Materials and methods The EPI-based DW images were simulated using the 3D digital brain phantom introduced by the McConnell Brain Imaging Centre, Montreal Neurological Institute, McGill University [24]. The digital brain phantom consists of ten tissue types, and each voxel is assigned to each tissue type. The original volume data was converted into 128 × 128 × 128 volume data to be parallel to the orbitomeatal (OM) plane, and the resultant isotropic voxel was 2 mm3 . The magnetic susceptibility-induced inhomogeneities were calculated based on the digital brain phantom placed in the virtual static field using the susceptibility voxel convolution method [19]. The EPI-based DW images were simulated based on an MR signal equation in which the magnetic field inhomogeneity was taken into account.

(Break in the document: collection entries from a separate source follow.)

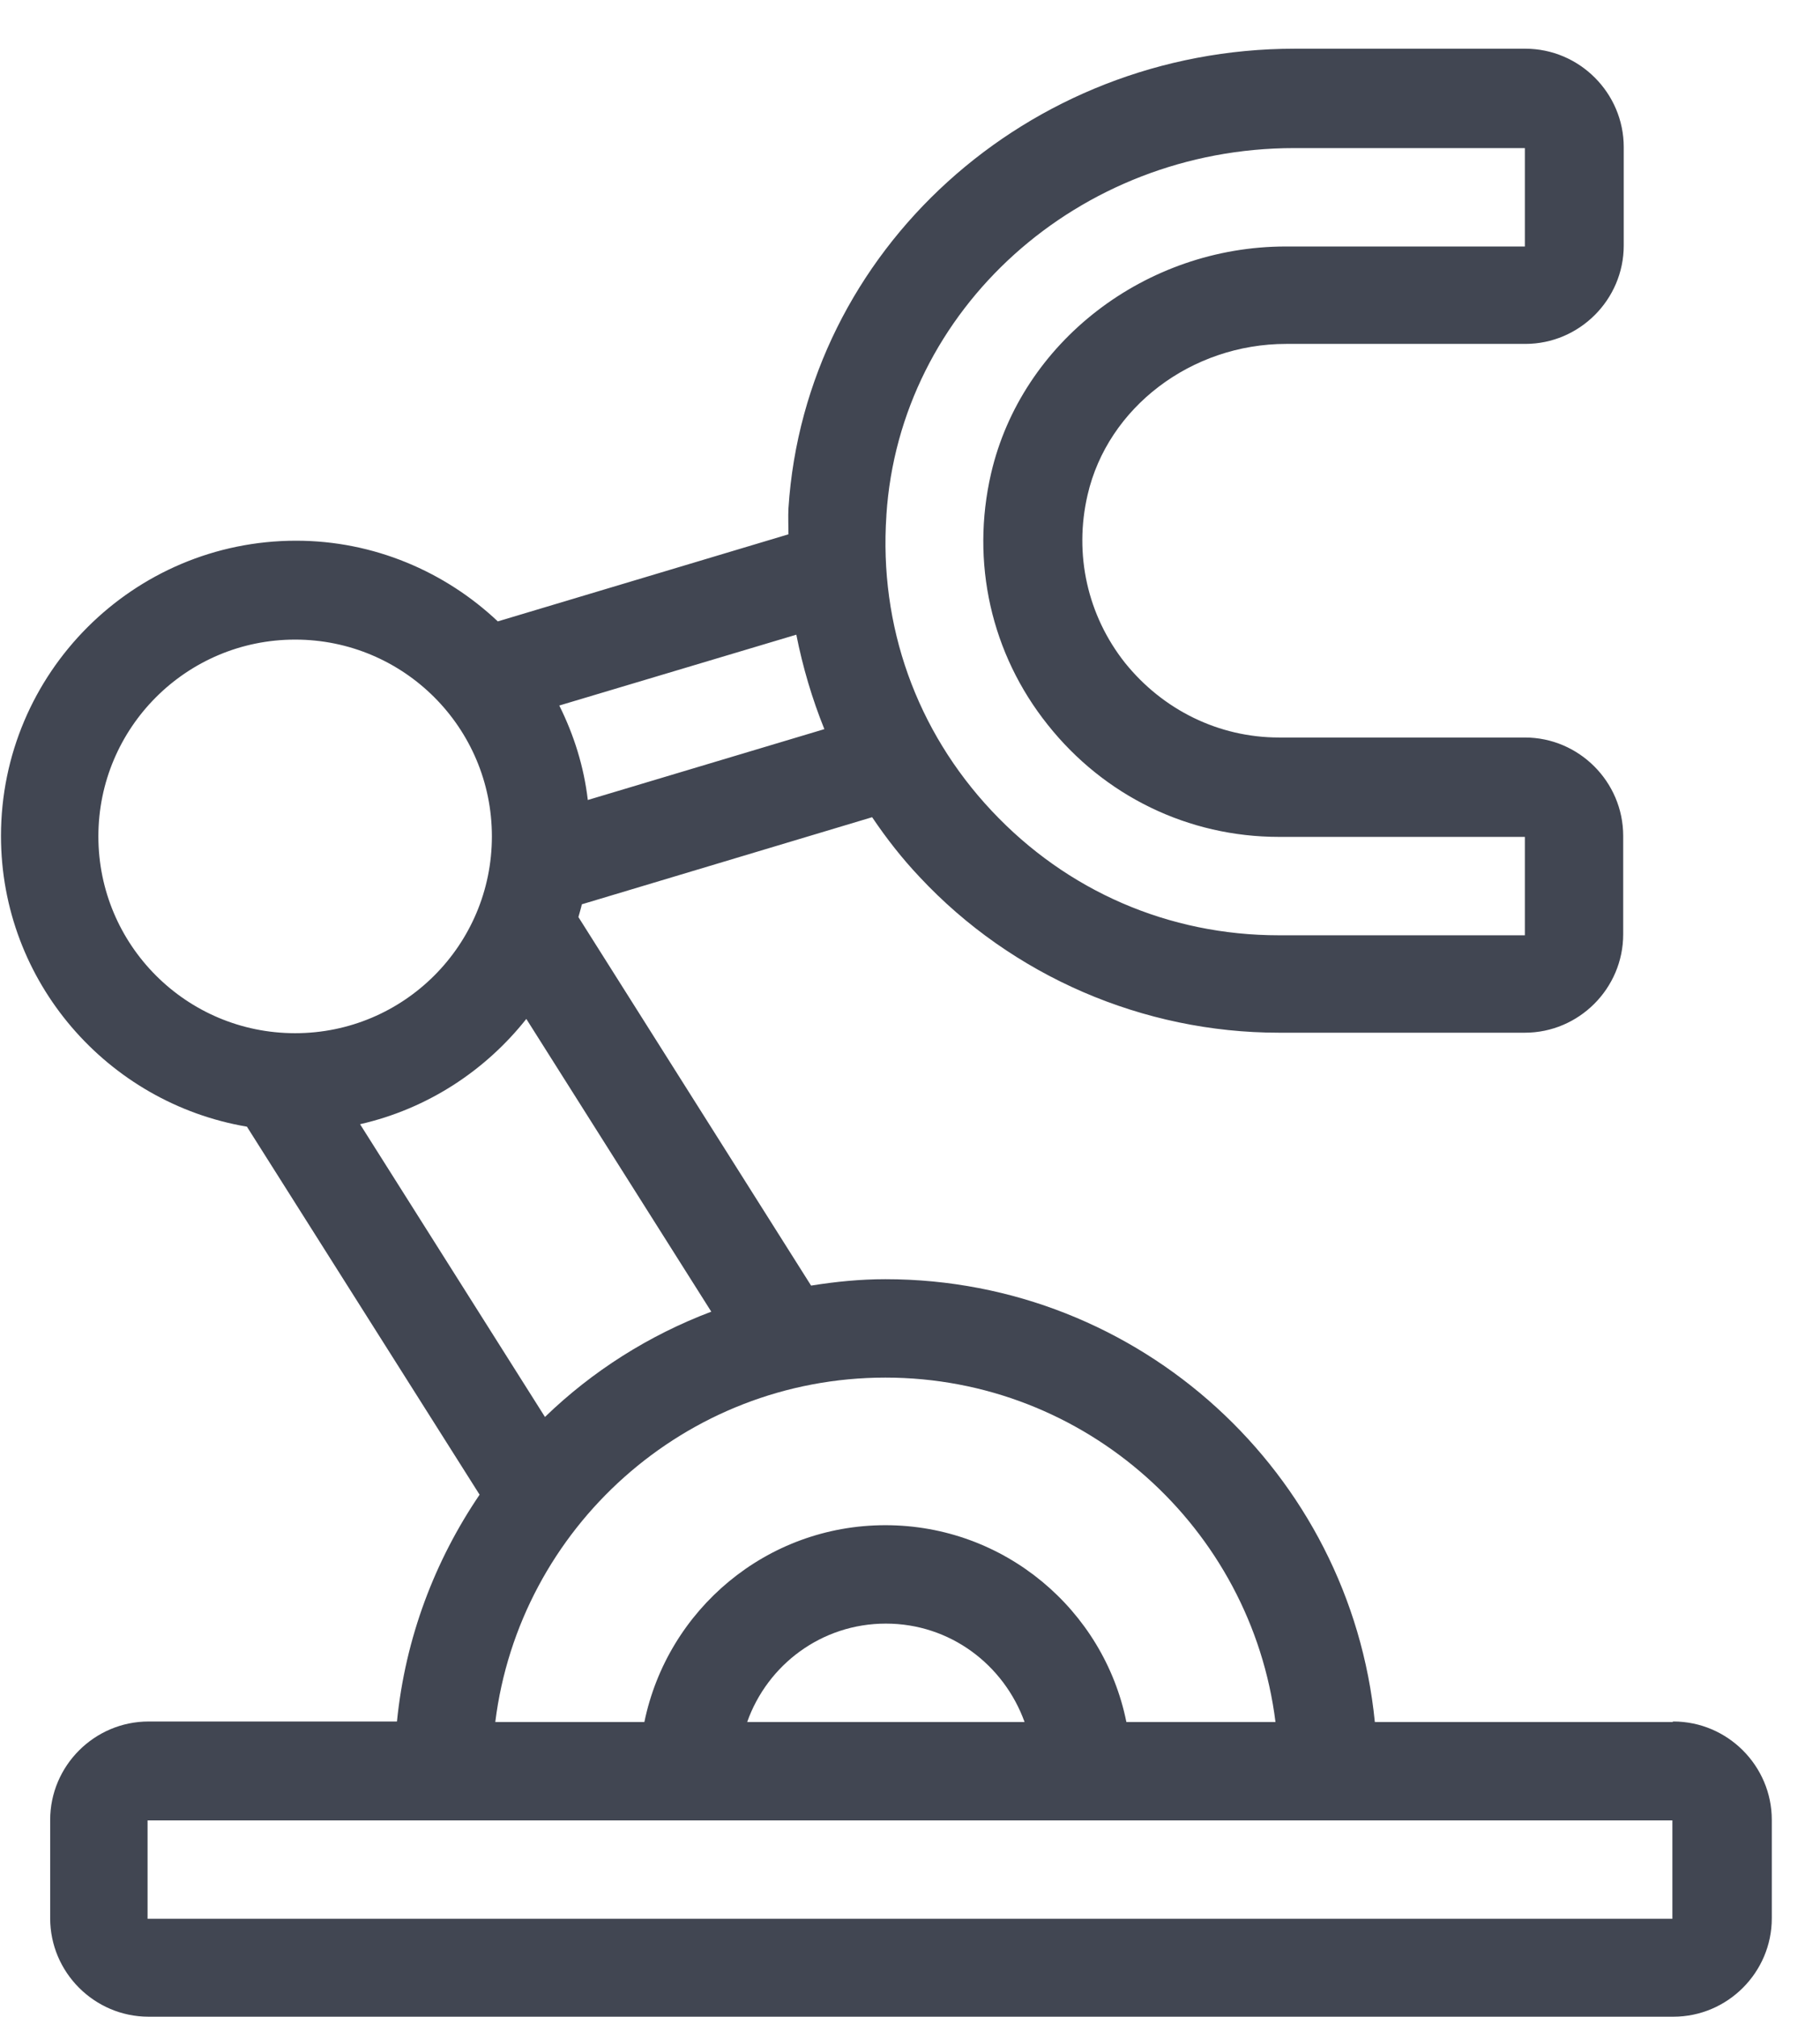 <svg width="37" height="41" viewBox="0 0 37 41" fill="none" xmlns="http://www.w3.org/2000/svg">
<path d="M33.999 35H27.95C27.45 29.95 23.18 26 18 26C17.489 26 16.989 26.05 16.489 26.13L11.759 18.64C11.78 18.56 11.809 18.47 11.829 18.38L17.73 16.61C18.02 17.04 18.34 17.45 18.7 17.83C20.579 19.84 23.239 20.99 26 20.99H31C32.099 20.99 32.999 20.09 32.999 18.99V16.99C32.999 15.89 32.099 14.99 31 14.99H26C24.779 14.99 23.64 14.43 22.869 13.47C22.11 12.51 21.829 11.27 22.11 10.06C22.52 8.28 24.22 6.99 26.149 6.99H31.009C32.109 6.99 33.01 6.09 33.01 4.99V2.99C33.01 1.89 32.109 0.99 31.009 0.99H26.32C20.89 0.99 16.369 5.09 16.029 10.33C16.02 10.51 16.029 10.68 16.029 10.86L10.12 12.63C9.05 11.62 7.6 10.99 6.02 10.99C2.71 10.99 0.02 13.68 0.02 16.99C0.02 19.96 2.19 22.42 5.02 22.9L9.75 30.38C8.84 31.72 8.24 33.29 8.07 34.99H3.02C1.92 34.99 1.02 35.89 1.02 36.99V38.99C1.02 40.09 1.92 40.99 3.02 40.99H34.02C35.12 40.99 36.02 40.09 36.02 38.99V36.99C36.02 35.89 35.12 34.99 34.02 34.99L33.999 35ZM14.46 26.66C13.19 27.14 12.04 27.87 11.079 28.8L7.32 22.85C8.68 22.54 9.86 21.77 10.7 20.71L14.46 26.66ZM11.95 16.26C11.87 15.58 11.669 14.94 11.37 14.34L16.189 12.9C16.32 13.56 16.509 14.2 16.759 14.82L11.95 16.26ZM18.02 10.47C18.29 6.28 21.93 3.01 26.309 3.01H31V5.01H26.14C23.29 5.01 20.77 6.95 20.149 9.62C19.73 11.43 20.149 13.29 21.299 14.73C22.45 16.18 24.16 17.01 26 17.01H31V19.01H26C23.759 19.01 21.689 18.11 20.16 16.48C18.63 14.85 17.869 12.72 18.02 10.48V10.47ZM2 17C2 14.79 3.79 13 6 13C8.21 13 10 14.79 10 17C10 19.21 8.21 21 6 21C3.79 21 2 19.21 2 17ZM18 28C22.07 28 25.439 31.06 25.93 35H22.899C22.439 32.72 20.419 31 18 31C15.579 31 13.569 32.72 13.1 35H10.069C10.559 31.06 13.93 28 18 28ZM20.82 35H15.19C15.6 33.84 16.7 33 18.009 33C19.32 33 20.41 33.84 20.829 35H20.82ZM33.999 39H3V37H33.999V39Z" fill="#414652"/>
</svg>
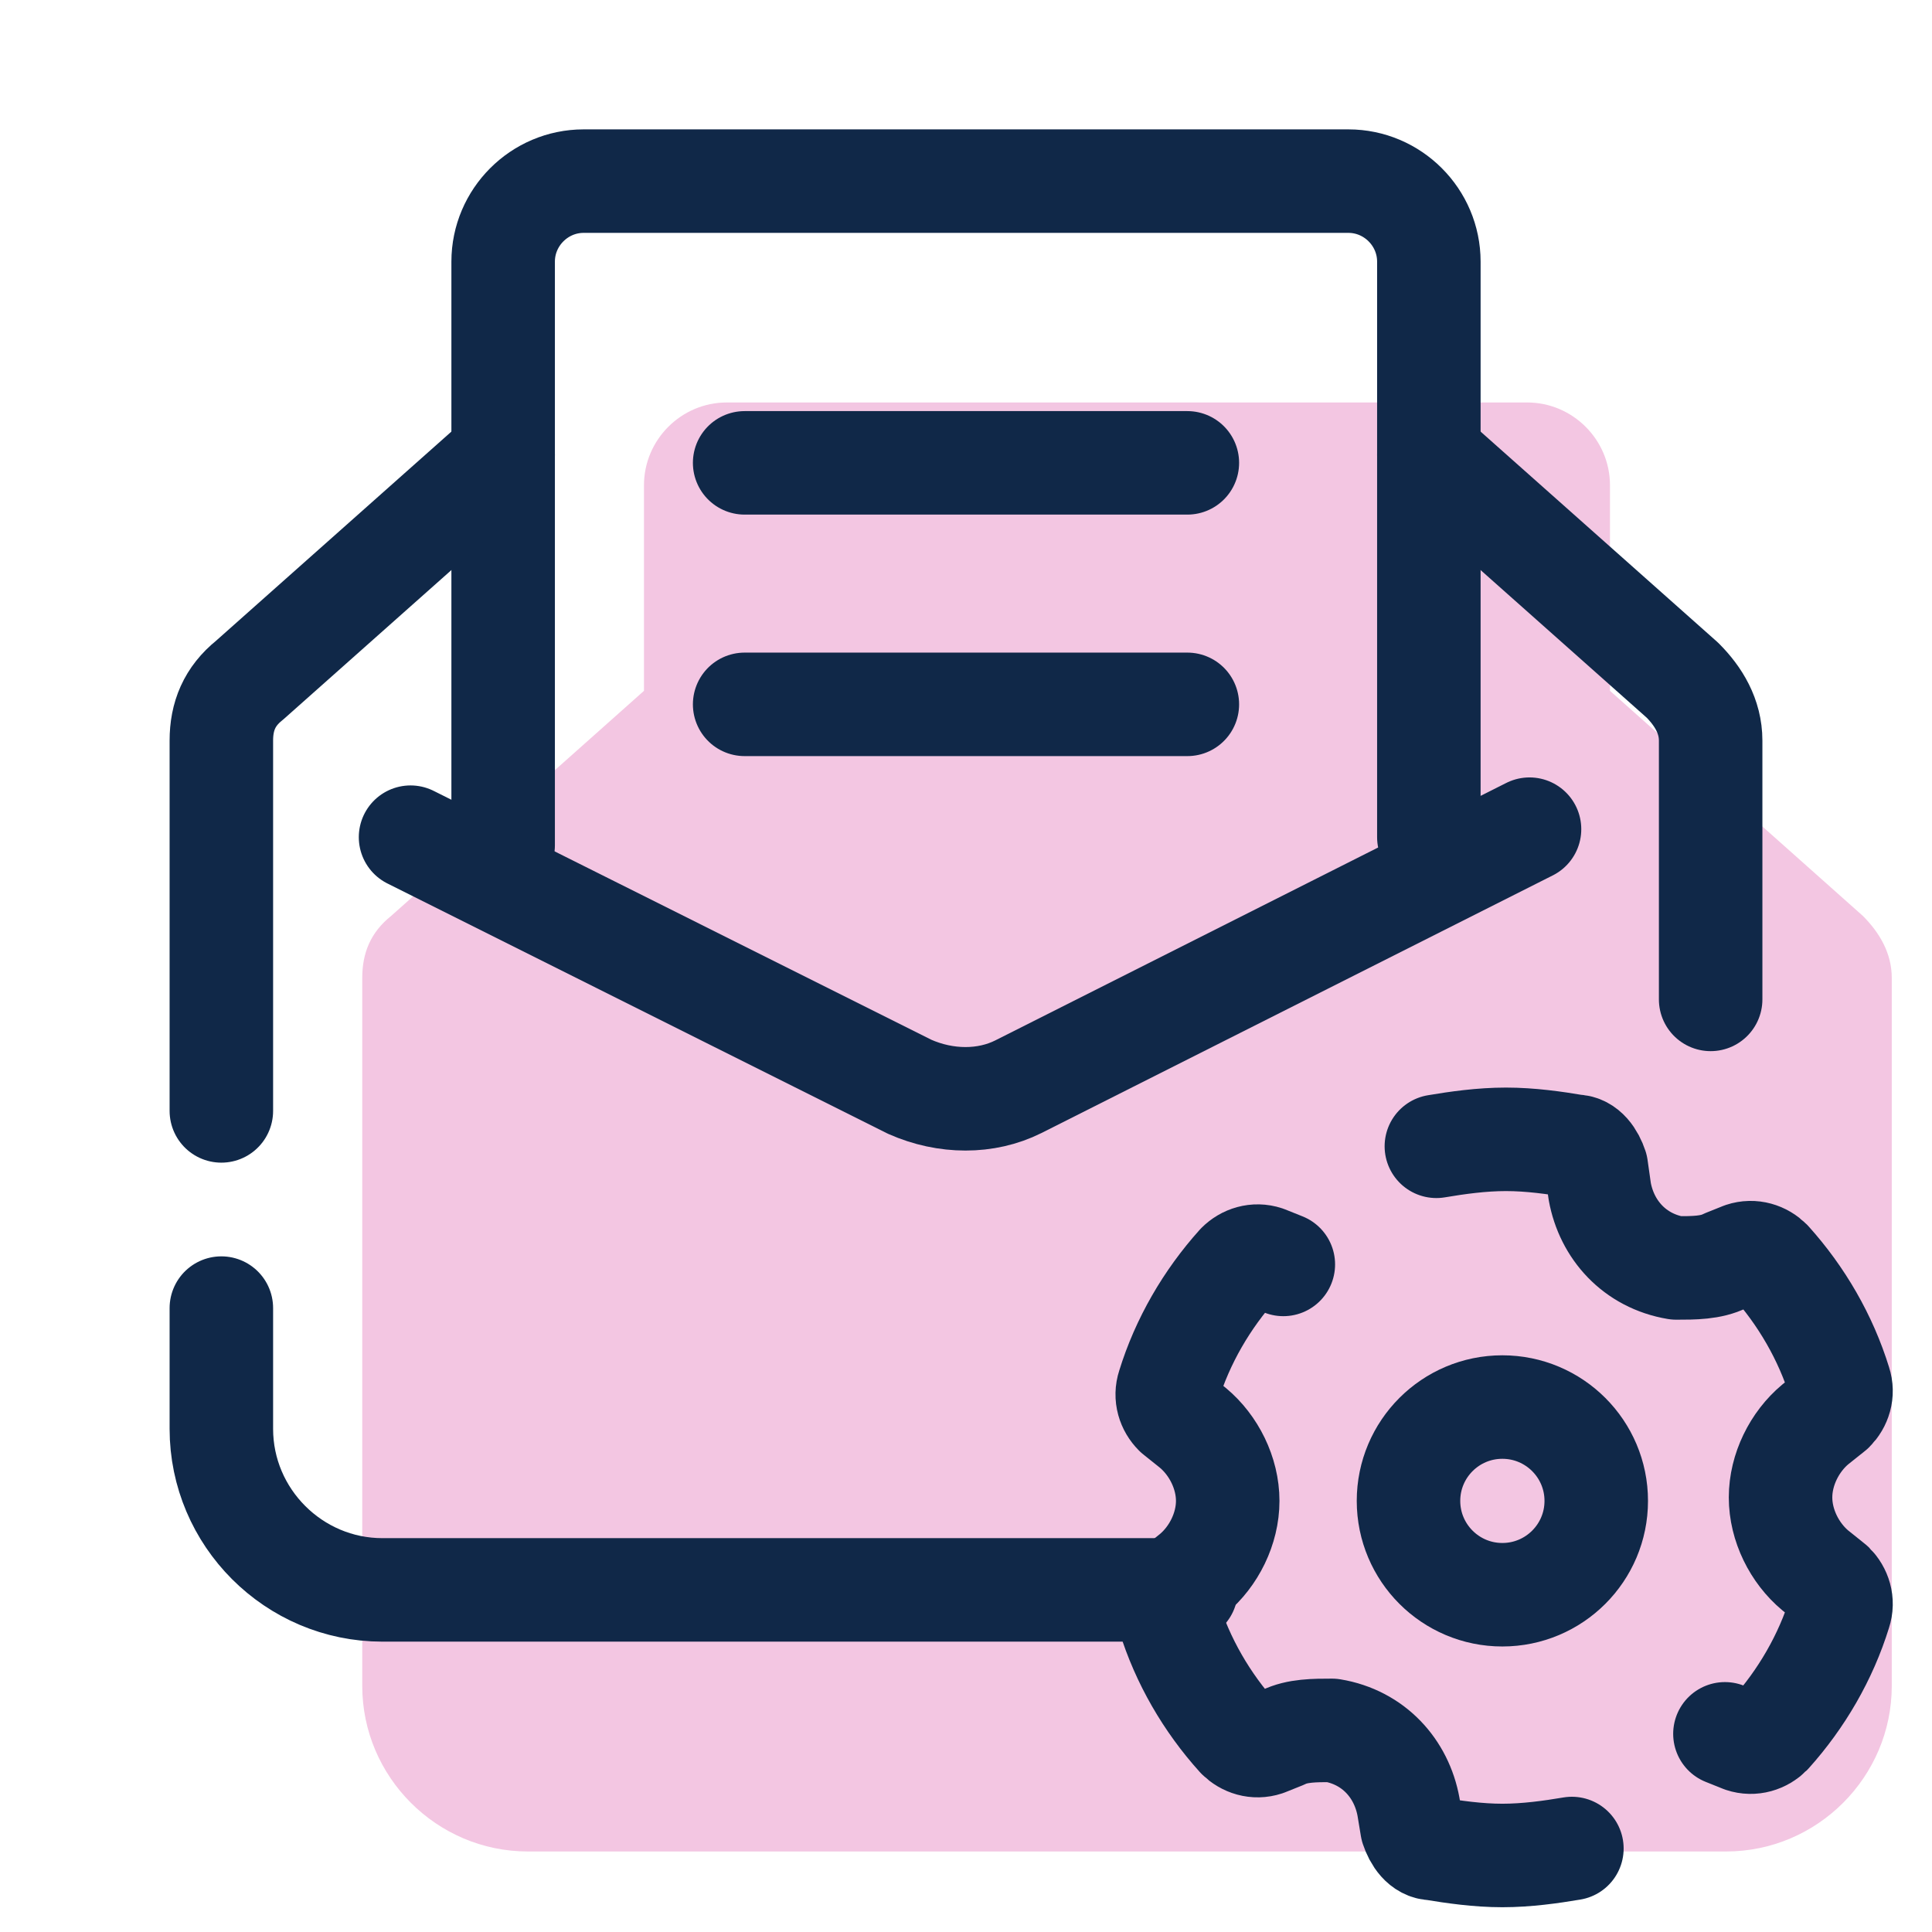 <svg width="28" height="28" viewBox="0 0 28 28" fill="none" xmlns="http://www.w3.org/2000/svg">
<path d="M26.997 13.273L23.333 10.012V7.033C23.333 6.373 22.793 5.833 22.133 5.833H10.533C9.873 5.833 9.333 6.373 9.333 7.033V10.012L5.669 13.274C5.37 13.513 5.25 13.813 5.25 14.173V24.433C5.25 25.753 6.33 26.833 7.65 26.833H25.016C26.337 26.833 27.417 25.753 27.417 24.433V14.173C27.417 13.813 27.237 13.513 26.997 13.273Z" fill="#F3C6E2"/>
<path d="M24.999 25.128L25.251 25.229C25.402 25.279 25.553 25.229 25.654 25.128C26.107 24.624 26.46 24.02 26.662 23.365C26.712 23.214 26.662 23.063 26.561 22.962L26.309 22.76C26.007 22.508 25.805 22.105 25.805 21.702C25.805 21.299 26.007 20.895 26.309 20.643L26.561 20.442C26.662 20.341 26.712 20.19 26.662 20.039C26.46 19.384 26.108 18.779 25.654 18.275C25.553 18.174 25.402 18.124 25.251 18.174L24.999 18.275C24.797 18.376 24.546 18.376 24.294 18.376C23.689 18.275 23.286 17.822 23.185 17.268L23.135 16.915C23.085 16.764 22.984 16.613 22.833 16.613C22.531 16.562 22.178 16.512 21.825 16.512C21.472 16.512 21.12 16.562 20.817 16.613" stroke="#102848" stroke-width="1.5" stroke-miterlimit="10" stroke-linecap="round" stroke-linejoin="round"/>
<path d="M18.599 18.325L18.347 18.224C18.196 18.174 18.045 18.224 17.944 18.325C17.491 18.829 17.138 19.434 16.936 20.089C16.886 20.24 16.936 20.391 17.037 20.492L17.289 20.694C17.591 20.946 17.793 21.349 17.793 21.752C17.793 22.155 17.591 22.558 17.289 22.81L17.037 23.012C16.936 23.113 16.886 23.264 16.936 23.415C17.138 24.07 17.49 24.675 17.944 25.178C18.045 25.279 18.196 25.329 18.347 25.279L18.599 25.178C18.801 25.078 19.052 25.078 19.304 25.078C19.909 25.178 20.312 25.632 20.413 26.186L20.463 26.488C20.513 26.639 20.614 26.79 20.765 26.79C21.067 26.84 21.42 26.891 21.773 26.891C22.126 26.891 22.478 26.841 22.781 26.79" stroke="#102848" stroke-width="1.5" stroke-miterlimit="10" stroke-linecap="round" stroke-linejoin="round"/>
<path d="M21.773 23.112C22.525 23.112 23.134 22.503 23.134 21.752C23.134 21.001 22.525 20.392 21.773 20.392C21.022 20.392 20.413 21.001 20.413 21.752C20.413 22.503 21.022 23.112 21.773 23.112Z" stroke="#102848" stroke-width="1.5"/>
<path d="M7.292 12.25V3.792C7.292 3.15 7.817 2.625 8.458 2.625H19.542C20.183 2.625 20.708 3.15 20.708 3.792V12.133" stroke="#102848" stroke-width="1.5" stroke-miterlimit="10" stroke-linecap="round" stroke-linejoin="round"/>
<path d="M3.208 16.1V10.733C3.208 10.383 3.325 10.092 3.617 9.858L7.292 6.592" stroke="#102848" stroke-width="1.5" stroke-miterlimit="10" stroke-linecap="round" stroke-linejoin="round"/>
<path d="M17.19 23.042H5.542C4.258 23.042 3.208 21.992 3.208 20.708V19.425V18.958" stroke="#102848" stroke-width="1.5" stroke-miterlimit="10" stroke-linecap="round" stroke-linejoin="round"/>
<path d="M20.708 6.592L24.383 9.858C24.617 10.092 24.792 10.383 24.792 10.733V14.484" stroke="#102848" stroke-width="1.5" stroke-miterlimit="10" stroke-linecap="round" stroke-linejoin="round"/>
<path d="M22.167 12.017L14.758 15.75C14.292 15.983 13.708 15.983 13.183 15.75L5.95 12.133" stroke="#102848" stroke-width="1.5" stroke-miterlimit="10" stroke-linecap="round" stroke-linejoin="round"/>
<path d="M10.792 6.708H17.208" stroke="#102848" stroke-width="1.5" stroke-miterlimit="10" stroke-linecap="round" stroke-linejoin="round"/>
<path d="M10.792 10.208H17.208" stroke="#102848" stroke-width="1.5" stroke-miterlimit="10" stroke-linecap="round" stroke-linejoin="round"/>
</svg>

Calculation of the field inhomogeneities When the object is placed in an MRI scanner, the differences in the magnetic susceptibility values between different tissues in the object cause variations in the induced magnetic field. In order to obtain the magnetic field distributions for a digital brain phantom placed in a virtual scanner, the susceptibility voxel convolution method [19] was used in this study. The magnetic susceptibility values described in the literature [19] were used as the values in each tissue type of the brain digital phantom. As shown in Fig. 1, the magnetic field distributions in the digital phantom were calculated by changing the angle between the direction of the static field and the OM plane in the digital phantom. A tilt angle of zero degrees meant that the OM plane was perpendicular to the static field (Fig. 1a). The angle was changed from 0 to 40 degrees at 10-degree intervals. Fig. 1k—o shows the magnetic field distributions at the slice level over the frontal sinus corresponding to the dotted lines in each sagittal view (Fig. 1f—j), respectively.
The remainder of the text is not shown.